The Interior Ministry's Population and Immigration Authority said the 177 Eritrean and Sudanese asylum seekers who left Israel in July voluntarily returned to their home countries as part of a procedure approved by Attorney General Yehuda Weinstein,
but the UN High Commission on Refugees (UNHCR) and Israeli human rights groups claim the "voluntary departure" procedure cannot be applied to asylum seekers who are held in detention facilities.
Some of the African
migrants who left in July were held in the Saharonim detention facility, while others lived in different Israeli cities. The Population Authority said some of those who left Israel did so on their own volition, but it did not say how many of the 177 left the country willingly.
According to data presented by the Interior Ministry, only one African infiltrated Israel in July, compared with 268 who infiltrated Israel
during the same month last year. The Population Authority attributed the sharp decrease in infiltrations to measures taken by the government, including the enforcement of the infiltration prevention law and the erection of a security fence along the border with Egypt.
Attorney general in south Tel Aviv (Photo: Motti Kimchi)
UNHCR and Israeli rights groups have criticized the government's actions, claiming some of them – including a law that allows the State to detain asylum seekers without trial for an unlimited period of time – violate international law and the United Nations Convention relating to the Status of Refugees.
According to the Population Authority, some 55,000 asylum seekers still reside in Israel. About 50,000 of them are Sudanese or Eritrean nationals. On Monday AG Weinstein toured south Tel Aviv,
where many of the migrants live, and said the government's policy is to fight the infiltration phenomenon. "Our small country has a hard time harboring this many infiltrators. I think the government's policy is bearing fruit," he said.
Photo: Motti Kimchi
Interior Minister Gideon Sa'ar said Israel was gradually progressing in the implementation of the policy to return illegal migrants to their home countries or to send them to other countries. "With each month that passes there are fewer and fewer illegal infiltrators in Israel," he said.

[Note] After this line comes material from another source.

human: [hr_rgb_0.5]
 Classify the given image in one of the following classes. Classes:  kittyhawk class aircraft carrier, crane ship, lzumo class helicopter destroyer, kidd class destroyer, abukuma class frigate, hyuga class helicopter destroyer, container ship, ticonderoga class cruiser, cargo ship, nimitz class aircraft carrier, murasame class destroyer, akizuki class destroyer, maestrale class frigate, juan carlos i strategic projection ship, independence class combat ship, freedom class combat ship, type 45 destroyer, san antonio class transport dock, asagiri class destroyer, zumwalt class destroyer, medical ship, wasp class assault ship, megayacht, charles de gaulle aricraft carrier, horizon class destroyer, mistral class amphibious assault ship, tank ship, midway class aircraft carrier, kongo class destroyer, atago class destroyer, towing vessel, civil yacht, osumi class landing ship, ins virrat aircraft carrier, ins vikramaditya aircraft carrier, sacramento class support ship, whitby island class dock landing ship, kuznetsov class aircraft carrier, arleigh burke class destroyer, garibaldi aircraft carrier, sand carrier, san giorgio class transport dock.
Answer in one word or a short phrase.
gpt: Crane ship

Last week, representatives of the Eritrean community in Israel held a press conference in which they warned that their return to the African country would put their lives in danger. They accused Israel of crossing a "red line" after the so-called "voluntary deportation" of 14 Eritreans some three weeks ago. They were sent back to their homelands from the Saharonim detention facility, where they were detained.
During the press conference, held in south Tel Aviv’s Shapira neighborhood, community spokespersons decried the procedure. Davit Damuz said the Israeli government was endangering the lives of those expelled to Eritrea.

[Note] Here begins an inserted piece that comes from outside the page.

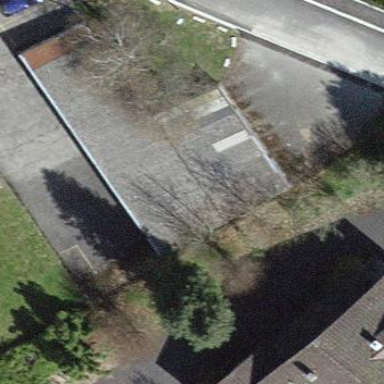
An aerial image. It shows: Group of garages.
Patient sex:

"They were expelled from prison in Israel, where they were detained without a release date and without knowing what would happen to them," said Damuz. "In Israel they decided to call it 'voluntary return' – but that's not true. When there's no other possibility, there's no such thing as voluntary and there's no such thing as choice.
"The Israeli government exploited their situation, and now their lives are in danger. We call on the Israeli government to put an immediate stop to the return of the refugees to Eritrea. This return is extradition of the refugees to the dictatorship in Eritrea.
This return endangers their lives," he said.
Attorney Nimrod Avigal of the Hotline for Migrant Workers said: "Under the cynical title 'voluntary returnm,' hundreds of asylum seekers are being expelled in violation of international law and the UN's position. The 'voluntary departure' forms are signed by broken people who have lost hope after being held in a prison for over a year under constant pressure."
According to the hotline, one of the detained migrants reported that "everyday representatives of the Interior Ministry show up and tell us 'your refugee requests will not be processed and Israel will never accept you, so you should sign and go back.'"
On the other hand, Shlomo Maslawi, chairman of the south Tel Aviv neighborhoods' action committee, said "We mustn't forget that they are infiltrators. Most of them are seeking work and have arrived in Israel illegally after staying in another country, Egypt. The government boasts that dozens (of asylum seekers) have departed, but we are drowning in a sea of tens of thousands."
According to the Administration of Border Crossings, Population and Immigration, "The process of 'voluntary departure' is supervised and carried out in accordance with a procedure that was authorized by the attorney general."